And this week, after so much whipped cream and whatnot, I’m reaching for warm chickpea salad.



Another standby from Lynne Rossetto Kasper’s Splendid Table Weeknight Kitchen newsletter, it’s earthy and clean, sweet with shredded carrots and punchy with red wine vinegar. It’s horribly unglamorous and completely delicious, the sort of thing that makes you want to dive headlong into the bowl—and then have cream puffs for dessert.
Ahem.


Warm Chickpea Salad with Shallots and Red Wine Vinaigrette
Adapted from The Splendid Table Weeknight Kitchen, which in turn excerpted from Fresh Food Fast: Delicious, Seasonal Vegetarian Meals in Under an Hour

Lynne Rossetto Kasper recommends serving this with a leafy tossed salad, but I also like it with braised or sautéed winter greens. Either way, be sure to have a loaf of crusty bread alongside. Leftovers keep beautifully in the fridge and make for tasty lunches.

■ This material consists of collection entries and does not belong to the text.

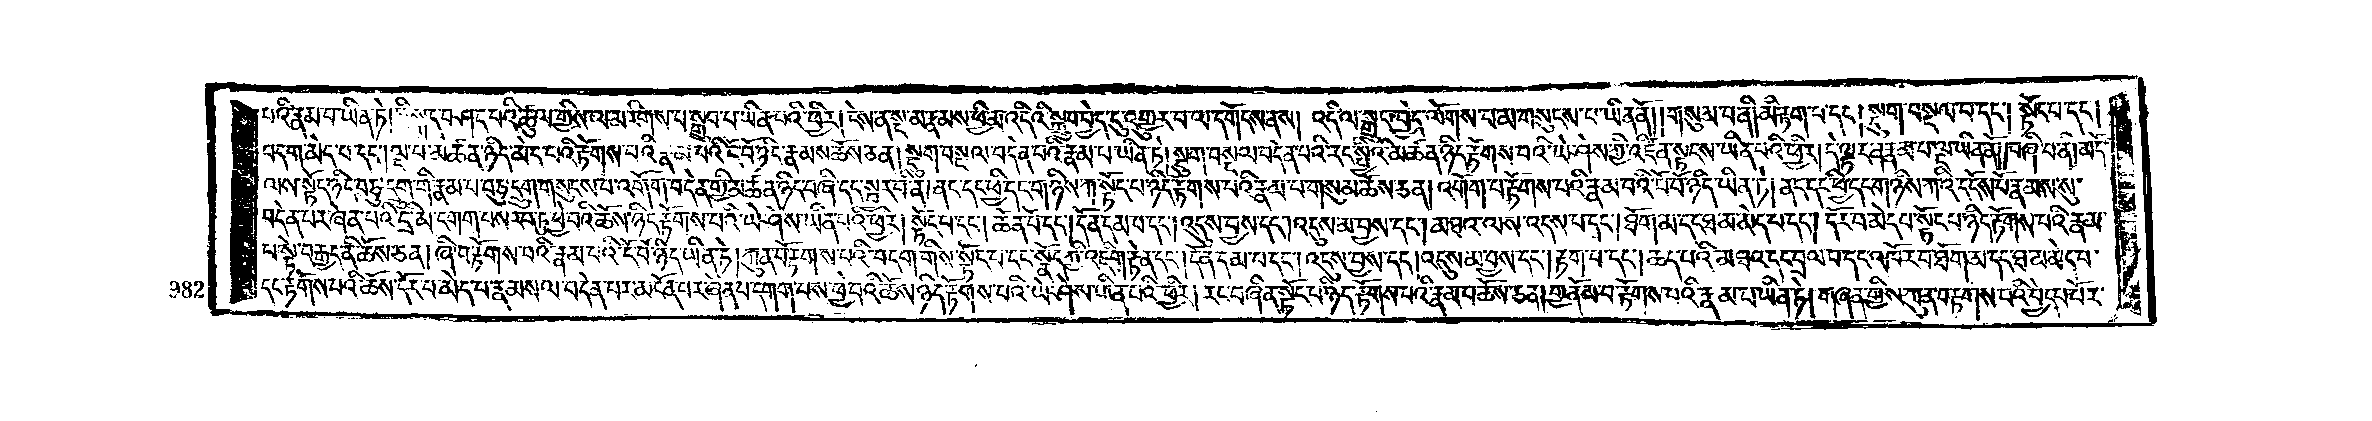པའི་རྣམ་པ་ཡིན་ཏེ། ཇི་སྐད་བཤད་པའི་ཚུལ་གྱིས་ལམ་རིགས་པ་སྒྲུབ་པ་ཡིན་པའི་ཕྱིར། དེས་ན་སྔ་མ་རྣམས་ཕྱི་མ་འདིའི་སྒྲུབ་བྱེད་དུ་འགྱུར་བ་ལ་དགོངས་ནས། འདི་ལ་སྒྲུབ་བྱེད་ལོགས་པ་མ་གསུངས་པ་ཡིན་ནོ། །གསུམ་པ་ནི། མི་རྟག་པ་དང་། སྡུག་བསྔལ་བ་དང་། སྟོང་པ་དང་།
བདག་མེད་པ་དང་། ལྔ་པ་མཚན་ཉིད་མེད་པའི་རྟོགས་པའི་རྣམ་པའི་ངོ་བོ་ཉིད་རྣམས་ཆོས་ཅན། སྡུག་བསྔལ་བདེན་པའི་རྣམ་པ་ཡིན་ཏེ། སྡུག་བསྔལ་བདེན་པའི་རང་སྤྱིའི་མཚན་ཉིད་རྟོགས་པའི་ཡེ་ཤེས་ཀྱི་འཛིན་སྟངས་ཡིན་པའི་ཕྱིར། དེ་ལྟར་ན་རྣམ་པ་ལྔ་ཡིན་ནོ། །བཞི་པ་ནི། མདོ་
ལས་སྟོང་ཉིད་བཅུ་དྲུག་གི་རྣམ་པ་བཅུ་དྲུག་གསུངས་པ་འགོག་བདེན་གྱི་མཚན་ཉིད་བཞི་དང་སྦྱར་བ་ནི། ནང་དང་ཕྱི་དང་གཉིས་ཀ་སྟོང་པ་ཉིད་རྟོགས་པའི་རྣམ་པ་གསུམ་ཆོས་ཅན། འགོག་པ་རྟོགས་པའི་རྣམ་པའི་ངོ་བོ་ཉིད་ཡིན་ཏེ། ནང་དང་ཕྱི་དང་གཉིས་ཀའི་དངོས་པོ་རྣམས་སུ་
བདེན་པར་ཞེན་པའི་དྲི་མ་དགག་པས་རབ་ཏུ་ཕྱེ་བའི་ཆོས་ཉིད་རྟོགས་པའི་ཡེ་ཤེས་ཡིན་པའི་ཕྱིར། སྟོང་པ་དང་། ཆེན་པོ་དང་། དོན་དམ་པ་དང་། འདུས་བྱས་དང་། འདུས་མ་བྱས་དང་། མཐའ་ལས་འདས་པ་དང་། ཐོག་མ་དང་ཐ་མ་མེད་པ་དང་། དོར་བ་མེད་པ་སྟོང་པ་ཉིད་རྟོགས་པའི་རྣམ་
པ་སྟེ་བརྒྱད་ནི་ཆོས་ཅན། ཞི་བ་རྟོགས་པའི་རྣམ་པའི་ངོ་བོ་ཉིད་ཡིན་ཏེ། ཀུན་པོ་རྟགས་པའི་བདག་གིས་སྟོང་པ་དང་སྣོད་ཀྱི་འཇིག་རྟེན་དང་། དོན་དམ་པ་དང་། འདུས་བྱས་དང་། འདུས་མ་བྱས་དང་། རྟག་པ་དང་། ཆད་པའི་མཐའ་དང་བྲལ་བ་དང་འཁོར་བ་ཐོག་མ་དང་ཐ་མ་མེད་པ་
དང་རྟོགས་པའི་ཆོས་དོར་པ་མེད་པ་རྣམས་ལ་བདེན་པར་མངོན་པར་ཞེན་པ་དགག་པས་ཕྱེ་བའི་ཆོས་ཉིད་རྟོགས་པའི་ཡེ་ཤེས་ཡིན་པའི་ཕྱིར། རང་བཞིན་སྟོང་པ་ཉིད་རྟོགས་པའི་རྣམ་པ་ཆོས་ཅན། གྱ་ནོམ་པ་རྟོགས་པའི་རྣམ་པ་ཡིན་ཏེ། གཞན་གྱིས་ཀུན་བརྟགས་པའི་བྱེད་པ་པོར་

1 large shallot, thinly sliced
3 Tbs red wine vinegar
1 garlic clove, minced
¼ tsp sea salt, plus more to taste
2 (15-ounce) cans chickpeas, drained
1 large carrot, coarsely grated
½ cup flat-leaf (Italian) parsley leaves, chopped
1/3 cup extra-virgin olive oil
Freshly ground black pepper

In a large bowl, combine the shallot, vinegar, garlic, and salt. Set aside for 10 minutes to allow the shallots and garlic to mellow.

In a medium saucepan over high heat, bring 2 quarts of water to a boil. Add the chickpeas, and blanch for a minute or two. Drain.

Add the carrot, parsley, and olive oil to the shallot mixture. Toss in the chickpeas, and season as needed with salt and pepper. Serve immediately, while still warm.

Serves four.

2.13.2005

Bagnette, breasts, and an excuse to eat pink whipped cream

“My dowry has just increased exponentially,” Kate announced, smirking audibly into the receiver. “I made cream puffs!”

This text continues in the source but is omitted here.